Kate asintió, con la cara pegada a la chaqueta de él.

– Creí que me seguían. Creí…

– Lo siento. -Cavetti la abrazaba con fuerza-. Seguramente era uno de mis hombres. El de la parada del autobús. Sólo queríamos asegurarnos de que fueras para casa.

Kate cerró los ojos y cogió aire, temblorosa, sintiendo una indescriptible mezcla de nerviosismo y alivio. Notó cómo se calmaban los latidos de su corazón y se separó de él, tratando de recobrar la compostura.

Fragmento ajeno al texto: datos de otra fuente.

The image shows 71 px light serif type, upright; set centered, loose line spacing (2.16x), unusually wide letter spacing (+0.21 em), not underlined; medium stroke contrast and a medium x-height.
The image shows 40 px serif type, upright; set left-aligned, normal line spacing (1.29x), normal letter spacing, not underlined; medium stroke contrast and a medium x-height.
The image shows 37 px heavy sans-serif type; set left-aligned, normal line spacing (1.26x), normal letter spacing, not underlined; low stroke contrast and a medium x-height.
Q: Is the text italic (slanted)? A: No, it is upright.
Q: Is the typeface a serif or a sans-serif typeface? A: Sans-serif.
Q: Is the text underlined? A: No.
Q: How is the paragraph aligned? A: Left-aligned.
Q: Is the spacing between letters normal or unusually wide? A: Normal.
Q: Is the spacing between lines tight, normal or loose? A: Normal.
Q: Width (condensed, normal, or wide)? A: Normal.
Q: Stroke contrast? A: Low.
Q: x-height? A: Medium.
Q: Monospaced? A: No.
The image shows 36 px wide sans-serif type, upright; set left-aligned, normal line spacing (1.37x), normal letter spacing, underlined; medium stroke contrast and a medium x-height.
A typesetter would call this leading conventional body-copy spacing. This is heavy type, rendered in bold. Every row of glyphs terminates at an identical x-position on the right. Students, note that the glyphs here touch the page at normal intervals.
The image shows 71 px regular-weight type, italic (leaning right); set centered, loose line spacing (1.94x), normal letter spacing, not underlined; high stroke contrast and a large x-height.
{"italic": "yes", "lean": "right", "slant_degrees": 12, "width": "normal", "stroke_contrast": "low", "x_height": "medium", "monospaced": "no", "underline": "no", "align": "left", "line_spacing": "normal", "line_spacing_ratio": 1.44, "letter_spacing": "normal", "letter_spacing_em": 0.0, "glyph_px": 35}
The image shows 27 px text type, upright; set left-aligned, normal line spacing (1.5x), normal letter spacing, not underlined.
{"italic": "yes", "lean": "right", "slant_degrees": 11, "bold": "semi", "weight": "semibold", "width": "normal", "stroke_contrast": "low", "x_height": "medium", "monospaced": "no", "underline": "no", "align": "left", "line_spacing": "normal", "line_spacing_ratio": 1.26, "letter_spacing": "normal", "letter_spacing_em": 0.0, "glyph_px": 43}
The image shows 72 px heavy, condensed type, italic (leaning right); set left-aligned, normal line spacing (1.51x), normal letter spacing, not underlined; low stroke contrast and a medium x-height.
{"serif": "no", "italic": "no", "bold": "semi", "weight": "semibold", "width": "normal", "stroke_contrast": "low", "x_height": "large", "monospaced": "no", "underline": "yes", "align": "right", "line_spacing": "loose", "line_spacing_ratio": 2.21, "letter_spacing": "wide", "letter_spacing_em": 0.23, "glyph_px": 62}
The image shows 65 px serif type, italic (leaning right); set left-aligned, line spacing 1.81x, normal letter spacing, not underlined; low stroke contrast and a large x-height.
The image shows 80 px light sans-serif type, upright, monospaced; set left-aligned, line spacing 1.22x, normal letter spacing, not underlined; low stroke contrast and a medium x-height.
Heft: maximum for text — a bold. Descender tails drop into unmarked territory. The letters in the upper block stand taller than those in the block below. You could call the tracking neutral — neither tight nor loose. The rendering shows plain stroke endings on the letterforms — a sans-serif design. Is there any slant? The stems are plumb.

– ¿Cómo es que han venido?

– Éste es James Nardozzi -dijo Cavetti, presentándole al hombre que lo acompañaba: delgado, de mandíbula pronunciada, vestido con impermeable, traje gris liso y corbata roja también lisa-. Es del Departamento de Justicia.

– Sí -asintió Kate, algo apesadumbrada-. Lo recuerdo del juicio.

El abogado sonrió fríamente.

– Tenemos que hacerte algunas preguntas, Kate -dijo el agente, del WITSEC.

– Claro. Aún le temblaban algo las manos. Le costó un poco acertar a meter la llave en la cerradura y descorrer el pestillo. Fergus estaba en la puerta, ladrando-. Tranquilo, chico…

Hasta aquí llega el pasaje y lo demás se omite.